===== Supplied records =====

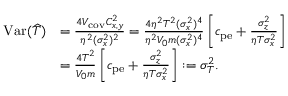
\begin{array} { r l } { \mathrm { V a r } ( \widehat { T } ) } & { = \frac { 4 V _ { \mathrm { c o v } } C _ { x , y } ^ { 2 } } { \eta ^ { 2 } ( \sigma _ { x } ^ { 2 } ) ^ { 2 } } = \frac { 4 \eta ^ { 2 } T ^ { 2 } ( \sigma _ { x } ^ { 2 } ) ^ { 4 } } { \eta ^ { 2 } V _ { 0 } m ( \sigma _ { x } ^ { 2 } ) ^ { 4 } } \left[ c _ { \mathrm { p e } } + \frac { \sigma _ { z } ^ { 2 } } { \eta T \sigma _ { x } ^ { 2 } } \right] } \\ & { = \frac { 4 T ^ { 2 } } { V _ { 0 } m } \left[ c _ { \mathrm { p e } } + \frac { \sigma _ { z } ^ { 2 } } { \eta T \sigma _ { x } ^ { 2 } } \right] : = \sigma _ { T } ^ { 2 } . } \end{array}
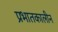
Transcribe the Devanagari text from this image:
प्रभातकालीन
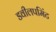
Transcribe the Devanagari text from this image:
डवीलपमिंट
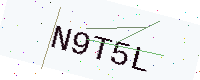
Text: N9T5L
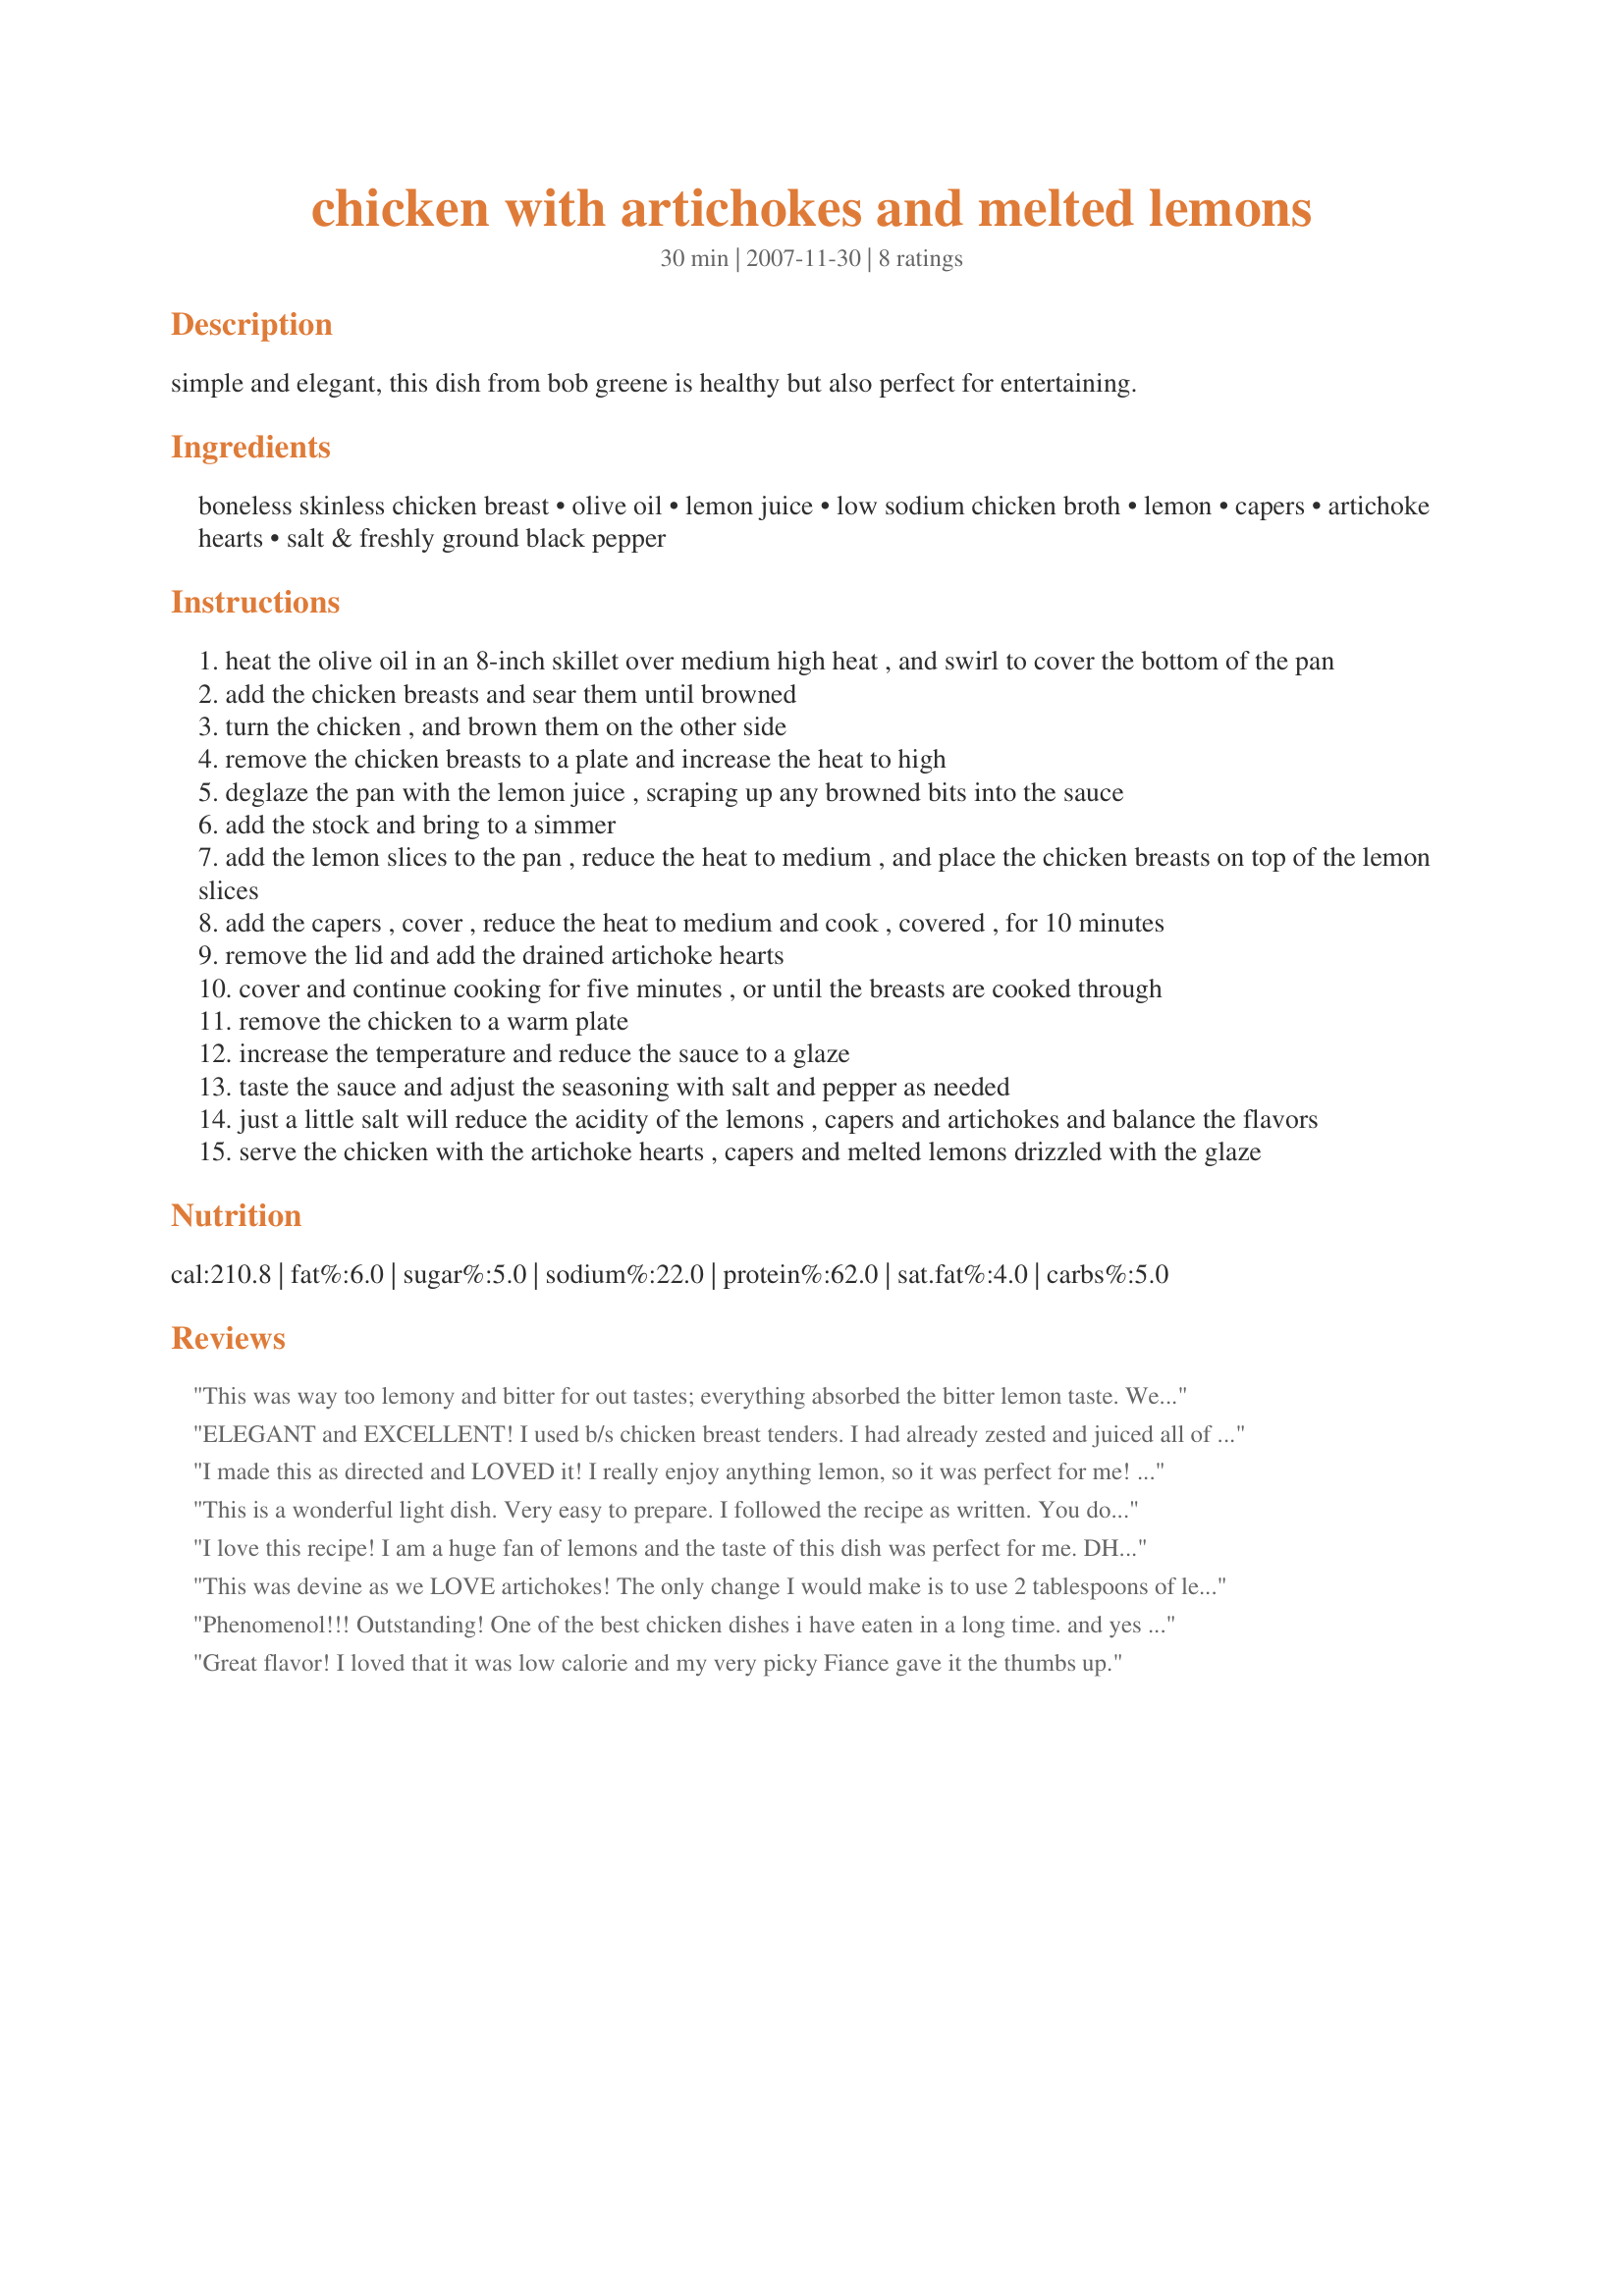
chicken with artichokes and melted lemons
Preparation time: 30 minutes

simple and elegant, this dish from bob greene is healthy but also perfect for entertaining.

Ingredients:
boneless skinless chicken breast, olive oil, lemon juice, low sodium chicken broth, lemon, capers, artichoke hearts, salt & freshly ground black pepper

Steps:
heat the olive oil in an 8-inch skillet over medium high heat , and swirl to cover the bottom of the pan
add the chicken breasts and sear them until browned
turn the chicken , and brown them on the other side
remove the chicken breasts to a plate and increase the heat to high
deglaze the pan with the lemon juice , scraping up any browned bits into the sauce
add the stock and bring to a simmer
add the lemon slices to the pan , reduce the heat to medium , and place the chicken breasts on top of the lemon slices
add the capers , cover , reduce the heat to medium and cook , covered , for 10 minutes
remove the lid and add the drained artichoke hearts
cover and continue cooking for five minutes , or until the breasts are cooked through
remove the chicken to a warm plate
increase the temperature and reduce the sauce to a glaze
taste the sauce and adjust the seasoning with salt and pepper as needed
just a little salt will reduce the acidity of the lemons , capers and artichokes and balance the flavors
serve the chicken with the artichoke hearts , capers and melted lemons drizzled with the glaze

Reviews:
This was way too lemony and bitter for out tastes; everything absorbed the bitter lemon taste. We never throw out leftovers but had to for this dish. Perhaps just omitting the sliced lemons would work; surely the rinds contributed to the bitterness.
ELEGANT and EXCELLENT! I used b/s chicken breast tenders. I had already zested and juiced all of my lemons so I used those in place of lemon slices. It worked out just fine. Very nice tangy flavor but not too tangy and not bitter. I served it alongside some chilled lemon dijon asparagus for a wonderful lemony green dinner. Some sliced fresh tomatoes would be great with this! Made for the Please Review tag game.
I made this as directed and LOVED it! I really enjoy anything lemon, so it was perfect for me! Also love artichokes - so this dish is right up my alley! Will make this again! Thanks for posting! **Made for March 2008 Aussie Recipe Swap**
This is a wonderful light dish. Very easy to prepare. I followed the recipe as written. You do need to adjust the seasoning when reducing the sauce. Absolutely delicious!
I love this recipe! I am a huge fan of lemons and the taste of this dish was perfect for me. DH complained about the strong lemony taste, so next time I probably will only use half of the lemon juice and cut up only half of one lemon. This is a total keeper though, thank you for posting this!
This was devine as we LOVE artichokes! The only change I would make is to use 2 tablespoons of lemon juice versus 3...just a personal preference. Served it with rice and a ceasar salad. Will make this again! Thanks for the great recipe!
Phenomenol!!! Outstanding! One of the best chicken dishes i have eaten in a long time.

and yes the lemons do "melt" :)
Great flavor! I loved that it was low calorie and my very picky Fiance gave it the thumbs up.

=====
===== Supplied records =====

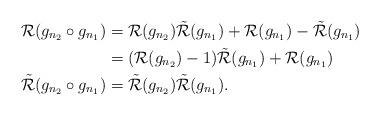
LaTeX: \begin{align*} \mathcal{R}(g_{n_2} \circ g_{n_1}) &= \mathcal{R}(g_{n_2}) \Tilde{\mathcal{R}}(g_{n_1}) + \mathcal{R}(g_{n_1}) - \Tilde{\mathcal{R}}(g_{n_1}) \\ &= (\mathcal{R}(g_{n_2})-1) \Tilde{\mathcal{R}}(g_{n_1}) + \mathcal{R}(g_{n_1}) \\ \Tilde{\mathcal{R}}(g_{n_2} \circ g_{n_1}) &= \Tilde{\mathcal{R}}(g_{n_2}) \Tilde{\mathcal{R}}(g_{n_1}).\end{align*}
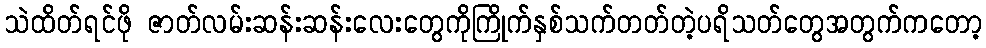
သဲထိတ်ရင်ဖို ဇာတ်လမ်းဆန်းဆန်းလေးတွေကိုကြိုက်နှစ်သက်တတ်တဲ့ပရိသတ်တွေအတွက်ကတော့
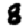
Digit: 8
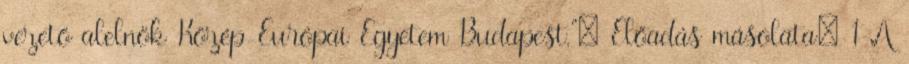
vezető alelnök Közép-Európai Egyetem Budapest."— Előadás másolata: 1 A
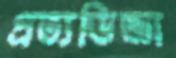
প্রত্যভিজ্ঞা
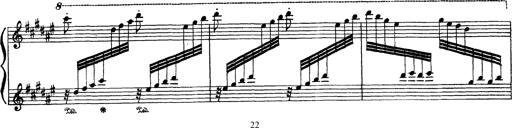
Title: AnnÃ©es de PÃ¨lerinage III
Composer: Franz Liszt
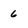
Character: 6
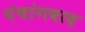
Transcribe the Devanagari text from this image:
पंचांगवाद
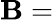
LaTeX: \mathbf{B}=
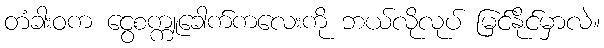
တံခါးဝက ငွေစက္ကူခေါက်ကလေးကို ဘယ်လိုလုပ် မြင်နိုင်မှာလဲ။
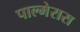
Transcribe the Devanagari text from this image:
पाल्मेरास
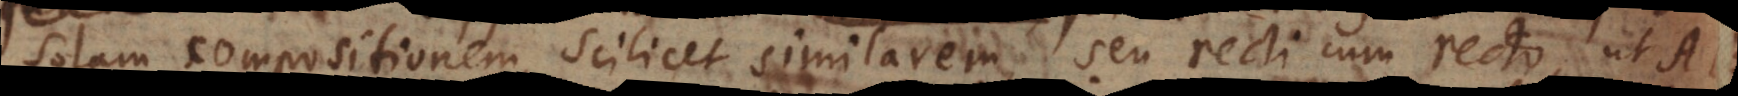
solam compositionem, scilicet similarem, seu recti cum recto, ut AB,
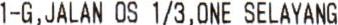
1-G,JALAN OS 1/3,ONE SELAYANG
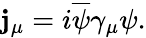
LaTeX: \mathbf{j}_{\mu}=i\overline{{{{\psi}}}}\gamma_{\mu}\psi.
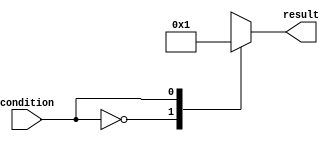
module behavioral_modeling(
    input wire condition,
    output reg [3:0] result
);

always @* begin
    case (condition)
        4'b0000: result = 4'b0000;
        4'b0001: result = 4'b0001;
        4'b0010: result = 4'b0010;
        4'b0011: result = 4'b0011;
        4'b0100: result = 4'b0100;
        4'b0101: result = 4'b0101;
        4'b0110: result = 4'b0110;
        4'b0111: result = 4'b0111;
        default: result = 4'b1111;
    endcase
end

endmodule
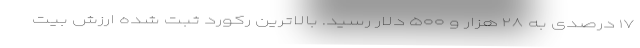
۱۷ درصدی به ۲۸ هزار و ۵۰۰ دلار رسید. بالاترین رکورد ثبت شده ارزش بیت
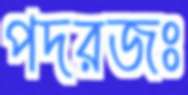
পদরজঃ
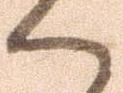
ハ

=====
===== Supplied records =====

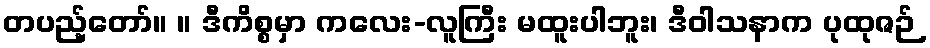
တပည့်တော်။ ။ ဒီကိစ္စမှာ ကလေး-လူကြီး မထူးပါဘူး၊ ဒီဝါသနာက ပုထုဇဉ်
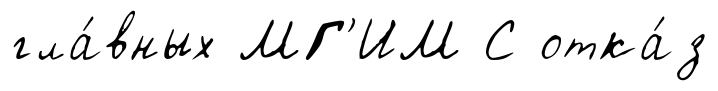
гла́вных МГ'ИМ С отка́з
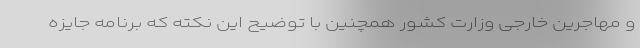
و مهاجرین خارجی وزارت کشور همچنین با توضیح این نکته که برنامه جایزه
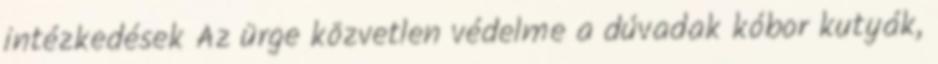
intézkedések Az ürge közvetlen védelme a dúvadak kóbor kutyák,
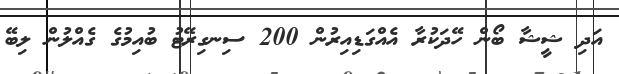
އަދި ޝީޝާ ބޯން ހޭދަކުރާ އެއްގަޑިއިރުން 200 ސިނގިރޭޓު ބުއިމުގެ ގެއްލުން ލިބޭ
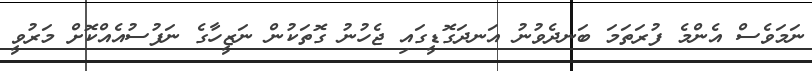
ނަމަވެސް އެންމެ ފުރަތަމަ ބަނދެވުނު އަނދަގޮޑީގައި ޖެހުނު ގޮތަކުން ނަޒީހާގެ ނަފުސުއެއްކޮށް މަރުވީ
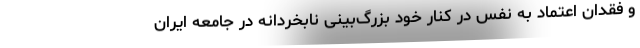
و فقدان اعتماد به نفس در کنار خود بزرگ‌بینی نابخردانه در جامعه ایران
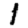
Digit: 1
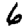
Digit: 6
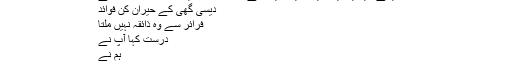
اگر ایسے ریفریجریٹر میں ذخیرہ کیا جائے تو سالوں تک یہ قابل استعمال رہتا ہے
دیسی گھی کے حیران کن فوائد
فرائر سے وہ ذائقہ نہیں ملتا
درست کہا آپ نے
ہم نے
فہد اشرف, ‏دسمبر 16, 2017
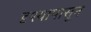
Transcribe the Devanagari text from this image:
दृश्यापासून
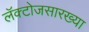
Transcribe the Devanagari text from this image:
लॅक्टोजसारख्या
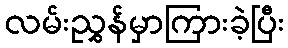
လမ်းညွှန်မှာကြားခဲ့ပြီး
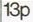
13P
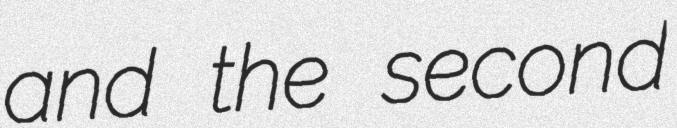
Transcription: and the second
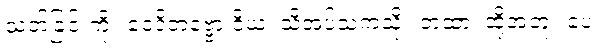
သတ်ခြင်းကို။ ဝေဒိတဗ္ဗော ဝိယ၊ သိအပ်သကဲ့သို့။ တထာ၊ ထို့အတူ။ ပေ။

=====

Transcribe only this stretch of the data: the line with "و مهاجرین خارجی", the line with "Transcription: and the second", and every line in between. Leave out the pictures.

• **Solution**
و مهاجرین خارجی وزارت کشور همچنین با توضیح این نکته که برنامه جایزه
intézkedések Az ürge közvetlen védelme a dúvadak kóbor kutyák,
އަދި ޝީޝާ ބޯން ހޭދަކުރާ އެއްގަޑިއިރުން 200 ސިނގިރޭޓު ބުއިމުގެ ގެއްލުން ލިބޭ
ނަމަވެސް އެންމެ ފުރަތަމަ ބަނދެވުނު އަނދަގޮޑީގައި ޖެހުނު ގޮތަކުން ނަޒީހާގެ ނަފުސުއެއްކޮށް މަރުވީ
و فقدان اعتماد به نفس در کنار خود بزرگ‌بینی نابخردانه در جامعه ایران
Digit: 1
Digit: 6
اگر ایسے ریفریجریٹر میں ذخیرہ کیا جائے تو سالوں تک یہ قابل استعمال رہتا ہے
دیسی گھی کے حیران کن فوائد
فرائر سے وہ ذائقہ نہیں ملتا
درست کہا آپ نے
ہم نے
فہد اشرف, ‏دسمبر 16, 2017
Transcribe the Devanagari text from this image:
दृश्यापासून
Transcribe the Devanagari text from this image:
लॅक्टोजसारख्या
လမ်းညွှန်မှာကြားခဲ့ပြီး
13P
Transcription: and the second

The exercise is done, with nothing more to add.